Эта тема уже не раз привлекала внимание исследователей ею занимались и блоковеды и дантологи. Одна из последних работ, посвященных проблеме литературных связей Блока с итальянским поэтом, принадлежит Р. И. Хлодовскому. Ее основные положения касаются мотивов «Новой жизни» и «Божественной комедии» в творчестве Блока. Они не вызывают сомнений, и именно поэтому, избегая каких-либо повторений, мы хотим лишь дополнить сложившиеся представления о литературных связях русского поэта с Данте новыми фактами.

В близком окружении Блока интерес к Данте имел давнюю историю. Одна из бабушек поэта, Елизавета Григорьевна Бекетова, владела итальянским языком; кроме того, среди Бекетовых и родственно связанных с ними Соловьёвых, Коваленских, Якушкиных, Карелиных было немало профессиональных литераторов, прекрасно знавших мировую литературу и считавших преемственность культурных запросов неотъемлемой частью семейных традиций. «Новую жизнь» Данте переводили Вл. С. Соловьёв, его племянник, двоюродный брат Блока С. С. Соловьёв, сам Блок отдавался чтению Данте с увлечением и сосредоточенностью. Его пометы можно найти не только на страницах первой части «Комедии». Ими буквально испещрена работа Т. Карлейля «Жизнь и произведения Данте» (она помещена в качестве приложения в том издании поэмы, которое находилось в библиотеке Александра Блока).

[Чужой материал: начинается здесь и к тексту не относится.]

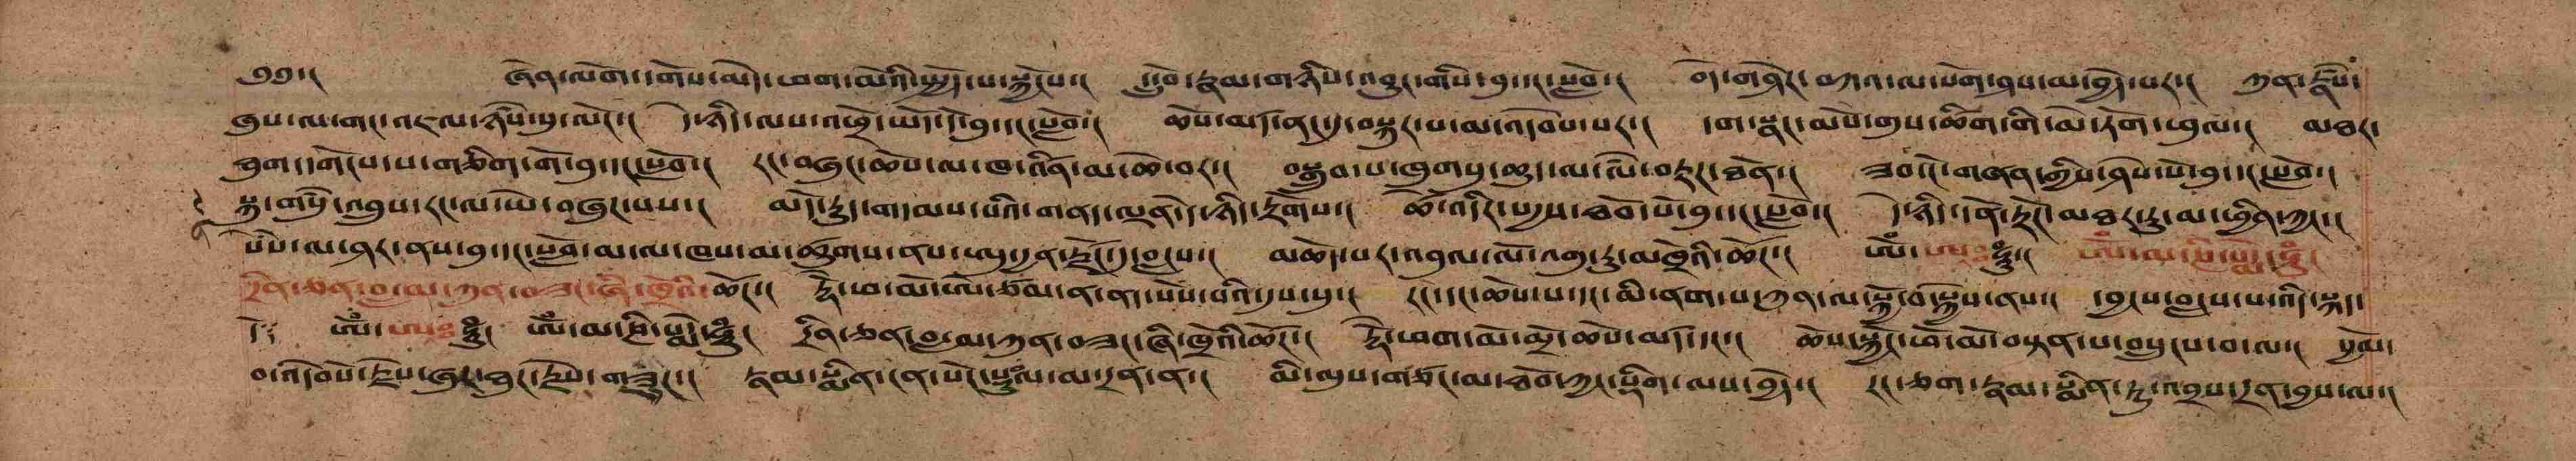༄༅།། ཞེན་ལོག་དགོས་མེད་ཕག་མོའི་སྤྱོད་པ་སྐྱོང་།། དངོས་གྲུབ་རྣམ་གཉིས་འབྱུང་གིས་བུ་དང་སློབ།། བདེ་གཤེགས་བཀའ་ལ་སོག་ཤས་མ་བྱེད་པར།། ཀུན་རྣམས་
ཞུས་ལ་གང་མཇལ་ཉམས་སུ་ལོང་། དེ་ཉིད་ལས་འཕྲོ་ཡོད་དང་བུ་དང་སློབ།། ཆོས་མཛད་ནང་དུ་བསྐུར་པ་མ་འདེབས་པར།། དག་སྣང་མོས་གུས་ཚིག་གི་མེ་ཏོག་ཕུལ།། མཐར་
ཐུག་དགོངས་པ་གཅིག་གོ་བུ་དང་སློབ།། རང་གཞུང་ཆོས་ལ་ཁ་འཛིན་མ་ཆེ་བར།། བསྒྲུབ་པ་ཁུགས་སུ་ཆུད་ལ་ལམ་བརྟགས་ཐོན།། ཟབ་ངོ་གཞན་གྱིས་ཤེས་སོ་བུ་དང་སློབ།། 
སྐུ་གསུམ་འབྲས་བུ་རང་ལ་ཡེ་བཞུགས་པས།། མདོ་རྒྱུད་གདམས་པའི་གནད་ལྡན་དེ་ཉིད་རྟོགས།། ཚེ་འདིར་སངས་རྒྱས་ཐོབ་བོ་བུ་དང་སློབ།། དེ་ཉིད་དོན་རྟོགས་མཐར་རུ་མ་ཕྱིན་ཀྱང་།། 
སེམས་ལ་ཤར་ནས་བུ་དང་སློབ་མ་ལ་ཁས་མ་ཚུགས་ནས་ཨུ་རྒྱན་རྫོང་དུ་བླངས།། མཆོད་པར་འབུལ་ལོ་འགུ་རུ་མཁའ་འགྲོའི་ཚོགས།། ཨོཾ་ཨཱཿཧཱུཾ།། ཨོཾ་མ་ཎི་པདྨེ་ཧཱུཾ། 
དྲིན་ཅན་བླ་མ་ཀུན་བཟང་ཞི་ཁྲོའི་ཚོགས།། རྡོ་རྗེ་ཕག་མོ་ཨེ་ཙམ་ན་ནད་སོས་པའི་དུས་སུ།། རང་དང་ཆོས་པ་དང་མི་ནག་པ་ཀུན་ལ་སྐྱོ་བ་སྐྱེས་ནས། དབྱངས་བླངས་པ་འདི་སྐད་
དོ།། ཨོཾ་ཨཱཿཧཱུཾ། ཨོཾ་མ་ཎི་པདྨེ་ཧཱུཾ། དྲིན་ཅན་བླ་མ་ཀུན་བཟང་ཞི་ཁྲོའི་ཚོགས།། རྡོ་རྗེ་ཕག་མོ་མཁའ་འགྲོ་ཆོས་མཛད་དང་།། ཆོས་སྐྱོང་ཕོ་མོ་བསྟན་པ་བསྲུངས་བ་ལ།། གསོལ་
བ་འདེབས་སོ་རྗེས་ཞུགས་ཐུགས་རྗེས་གཟུང་།། རྣམ་སྨིན་ངན་སོང་སྡུག་བསྔལ་མ་དྲན་ན།། མི་ལུས་གཙང་མ་ཐོབ་ཀྱང་སྡིག་ལས་བྱེད།། རང་ཅག་རྣམ་སྨིན་རྒྱུ་འབྲས་དྲན་བྱས་ལ།།

Знакомство с пометами почти постоянно вызывает различные ассоциации с текстом статей, стихов поэта и воспоминаниями о нем его современников. Эти ассоциации не случайны, потому что, как правило, Блок отмечал у Карлейля то, что соотносилось с его собственными представлениями о Данте, что отвечало духу его творческих и человеческих устремлений. Например, в своей «лучшей статье» «О современном состоянии русского символизма» поэт писал: «Искусство есть Ад. Недаром В. Брюсов завещал художнику: „Как Данте, подземное пламя должно тебе щеки обжечь“. По бесчисленным кругам Ада может пройти, не погибнув, только тот, у кого есть спутник, учитель и руководительная мечта о Той, которая поведет туда, куда не смеет войти и учитель». Эти важнейшие размышления Блока вспоминаются при разборе его пометы на полях первого тома «Божественной комедии». Прочтя у Карлейля: «Великая душа Данте, не находившая себе пристанища на земле, уходила все более и более в этот страшный другой мир», – поэт отчеркнул последних четыре слова и против них написал: «Подземное пламя». Кстати, по этой помете можно ориентировочно судить о времени маргиналий Блока: вероятно, они сделаны не ранее 1908 г., ибо процитированные стихи Брюсова были напечатаны впервые в январском номере «Весов» именно за этот год.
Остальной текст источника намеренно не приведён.